Entre los saldos que dejaron los sexenios panistas
hay un par de expectativas malogradas que todavía sobreviven en nuestra vida
pública. La primera es que la corrupción se resuelve nombrando a personas
honestas en el gobierno. La segunda, que las fuerzas armadas sirven para
restaurar el orden público en los territorios cuyo control disputa el crimen
organizado.
Por un lado, con motivo del
escándalo de los moches en la
Cámara de Diputados, hace unos días Soledad Loaeza (http://j.mp/1adqbvG) reparaba
en el craso contraste entre la reputación de incorruptibles que por décadas
tuvieron los panistas y la decepción que, en ese sentido, representaron las
administraciones de Vicente Fox y Felipe Calderón. Los panistas de antaño
podían preciarse, a diferencia de los priístas, de su honestidad; pero “si se
trata de denunciar la corrupción, los panistas de ahora no pueden tirar la
primera piedra”.
Puede ser que los panistas que
llegaron al poder no hayan sido realmente honestos o que el poder los haya
corrompido. Pero puede ser, también, que plantear la corrupción sólo como un
déficit de honestidad –tal cual ocurre, por ejemplo, en la órbita del
lopezobradorismo– sea un problema. Porque la corrupción no es un atributo individual:
es una relación social. De modo que la cuestión quizás no sea tanto si las
personas son honestas o deshonestas sino, más bien, si hay o no capacidades
institucionales para producir soluciones colectivas que afirmen el bienestar
general por encima de los beneficios particulares.
Por el otro lado, la
sorprendente expansión de las autodefensas en Michoacán forzó al Presidente a
hacerse cargo de una situación de la que se había esmerado en permanecer al
margen y con respecto a la cual, tras un año de despachar en Los Pinos, no había
articulado un discurso, no había delineado un proyecto, vaya, ni siquiera había
propuesto un objetivo. Con todo, las circunstancias finalmente terminaron obligándolo
a dar una respuesta. Y eso quiere decir que, como apuntó
Alejandro Hope durante la semana, ahora sí esta ya es la guerra de Peña Nieto.
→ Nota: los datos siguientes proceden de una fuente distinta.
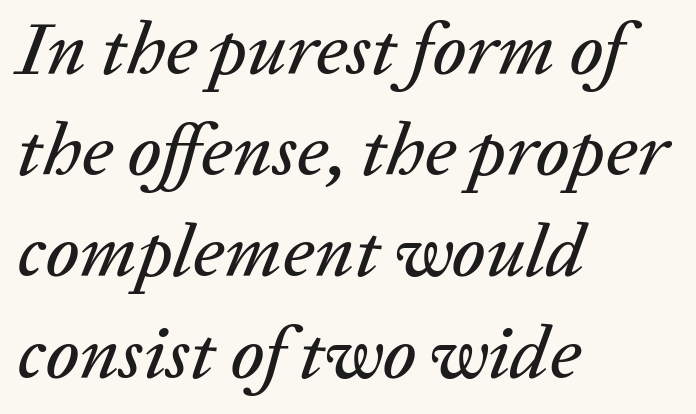
The image shows 75 px text type, italic (leaning right); set left-aligned, normal line spacing (1.35x), normal letter spacing, not underlined; low stroke contrast and a medium x-height.

Puede ser que la designación de
un comisionado y el envío de fuerzas armadas sean indispensables en este
momento. Pero el hecho de que hayan sido reacciones ante una emergencia --que,
por cierto, se gestó a plena luz pública durante meses-- y no acciones producto
de una estrategia deliberada, indica que el gobierno de Peña Nieto está improvisando
sobre la marcha. Ya ocupa el territorio terracalentense, como ya lo había
ocupado en mayo del 2013, y como antes el gobierno de Calderón ocupó a su vez otros
territorios en Baja California, Guerrero, Nuevo León, Sinaloa, Tamaulipas,
Chihuahua, Durango, Veracruz… ¿Y luego? La prueba de si se ha restaurado o no
el orden público no ocurre cuando llegan las tropas sino cuando se van.
Ni la corrupción se resuelve eligiendo a
personas con reputación de honestas, ni el orden público se restaura tan solo
ocupando territorios. Acusemos recibo.
Despedida
Con esta columna llega a su fin un ciclo de casi
cinco años de Conversación Pública en La
Razón. Agradezco entrañablemente a don Ramiro Garza y a Pablo Hiriart
por haberme invitado a colaborar, así
como por la absoluta libertad con la que siempre pude ejercer la crítica (y la
crítica de la crítica) en estas páginas. Mi gratitud también para Tere Chávez,
Nancy Escobar, Ángel Salinas y todo el equipo del diario por sus atenciones y
su profesionalismo. Y para los lectores, desde luego, por el favor de su
lectura. De mi paso por La Razón me
llevo la feliz experiencia de haber formado parte de un exitoso proyecto
periodístico que ha sabido, como anticipaba el Caminante allá por mayo del
2009, hacer camino al andar. Muchas gracias.